📊 CCCC Key Takeaways
Investment Thesis
C4 Therapeutics is a pre-revenue clinical-stage biotech company with significant fundamental challenges. Despite having a strong balance sheet with $74.6M in cash and no debt, the company is burning cash at an unsustainable rate of $99.3M annually in free cash flow, with operating losses exceeding $115M against minimal $35.9M revenue. At current burn rates, the company has approximately 9 months of cash runway, creating imminent financing risk regardless of clinical progress.
CCCC Strengths
- Strong balance sheet with $74.6M cash and zero long-term debt
- Excellent liquidity position with 7.81x current ratio
- Modest revenue of $35.9M suggests early commercialization has begun
CCCC Risks
- Severe cash burn of $99.3M annually with only ~9 months of runway at current rates
- Operating losses of $115.2M on $35.9M revenue indicating business model not yet sustainable
- Net losses of $105M with -292.1% net margin indicating company is far from profitability
- Dilutive financing will likely be required within 12 months, materially impacting shareholders
Key Metrics to Watch
- Quarterly cash burn rate and cash runway remaining
- Revenue growth trajectory and path to gross profitability
- Operating expense control and progress toward cash flow breakeven
- Clinical trial progress and probability of regulatory approval for pipeline candidates
CCCC Financial Metrics
💡 AI Analyst Insight
Strong liquidity with a 7.81x current ratio provides a solid financial cushion.
CCCC Profitability Ratios
CCCC vs Healthcare Sector
How C4 Therapeutics, Inc. compares to Healthcare sector averages
Sector benchmarks are approximate industry averages. Actual sector performance may vary.

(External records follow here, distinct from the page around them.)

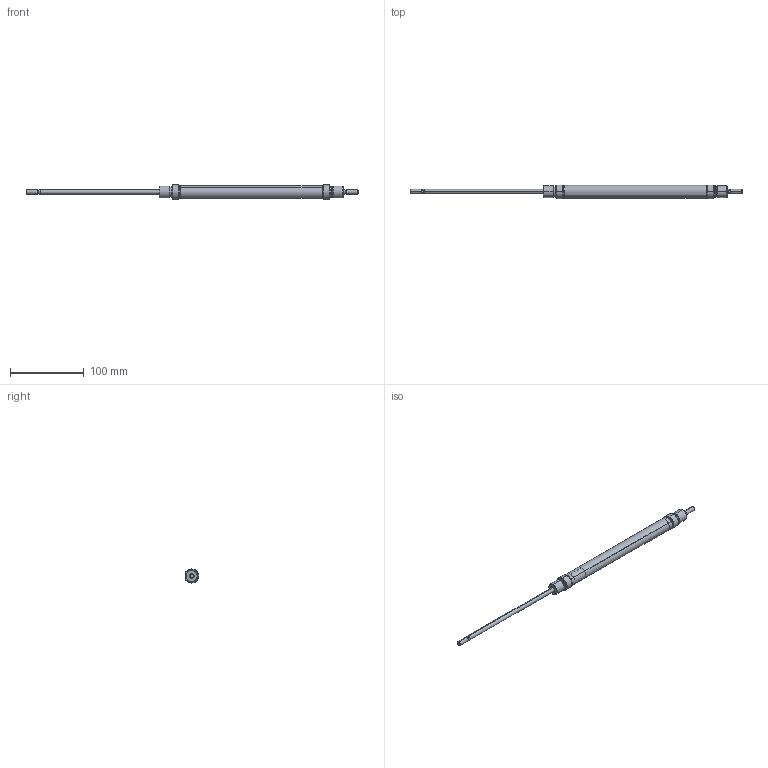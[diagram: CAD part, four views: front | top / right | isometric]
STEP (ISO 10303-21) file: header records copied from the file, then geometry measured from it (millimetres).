
FILE_DESCRIPTION (( 'STEP AP214' ), '1' );
FILE_NAME ('PMD 16-160 CYLINDER.STEP', '2010-08-05T08:15:51', ( '' ), ( '' ), 'SwSTEP 2.0', 'SolidWorks 2010', '' );
FILE_SCHEMA (( 'AUTOMOTIVE_DESIGN' ));
Length unit declared in the file: millimetre
Products named in the file (4): 16  Boru; 16   烰  KAPAK; 12-16 Mil ; PMD  16-160  CYLINDER
Assembly tree (4 placements, depth 2):
  PMD  16-160  CYLINDER
    16   烰  KAPAK  x2
    16  Boru
    12-16 Mil 
Bounding box: 449 x 18.12 x 19 mm (x, y, z)
Volume: 35457.6 mm3; surface area: 35714.3 mm2
Topology: 4 solids, 4 shells, 134 faces, 294 edges, 180 vertices
Faces by surface type: cylinder 52, cone 46, plane 36
Entity records: 2953 total; most frequent: CARTESIAN_POINT 567, DIRECTION 489, ORIENTED_EDGE 408, AXIS2_PLACEMENT_3D 207, EDGE_CURVE 204, VERTEX_POINT 125, CIRCLE 107, EDGE_LOOP 107

CCCC Balance Sheet & Liquidity
CCCC 5-Year Financial Trend
5-Year Trend Summary: C4 Therapeutics, Inc.'s revenue has declined by 21% over the 5-year period, indicating business contraction. The most recent EPS of $-1.52 indicates the company is currently unprofitable.
CCCC Growth Metrics (YoY)
CCCC Quarterly Performance
| Quarter | Revenue | Net Income | EPS |
|---|---|---|---|
| Q3 2025 | $11.2M | -$17.7M | $-0.35 |
| Q2 2025 | $6.5M | -$17.7M | $-0.26 |
| Q1 2025 | $3.0M | -$26.3M | $-0.37 |
| Q1 2023 | $2.7M | -$17.7M | $-0.26 |
| Q3 2022 | $6.8M | -$21.0M | $-0.51 |
| Q2 2022 | $9.8M | -$21.0M | $-0.51 |
Data sourced from SEC EDGAR 10-Q quarterly filings. Figures may represent quarterly or cumulative values.
CCCC Capital Allocation
CCCC SEC Filings
Access official SEC EDGAR filings for C4 Therapeutics, Inc. (CIK: 0001662579)
📋 Recent SEC Filings
❓ Frequently Asked Questions about CCCC
What is the AI rating for CCCC?
C4 Therapeutics, Inc. (CCCC) has an AI rating of SELL with 85% confidence, based on fundamental analysis of SEC EDGAR filings.
What are CCCC's key strengths?
Strong balance sheet with $74.6M cash and zero long-term debt. Excellent liquidity position with 7.81x current ratio.
What are the risks of investing in CCCC?
Severe cash burn of $99.3M annually with only ~9 months of runway at current rates. Operating losses of $115.2M on $35.9M revenue indicating business model not yet sustainable.
What is CCCC's revenue and growth?
C4 Therapeutics, Inc. reported revenue of $35.9M.
Does CCCC pay dividends?
C4 Therapeutics, Inc. does not currently pay dividends.
Where can I find CCCC SEC filings?
Official SEC filings for C4 Therapeutics, Inc. (CIK: 0001662579) including 10-K, 10-Q, and 8-K reports are available on SEC EDGAR.
What is CCCC's EPS?
C4 Therapeutics, Inc. has a diluted EPS of $-1.27.
How is the AI analysis conducted?
Our AI (Claude) analyzes publicly available SEC EDGAR filings including 10-K annual reports and 10-Q quarterly reports to evaluate financial health, profitability ratios, balance sheet strength, and growth metrics.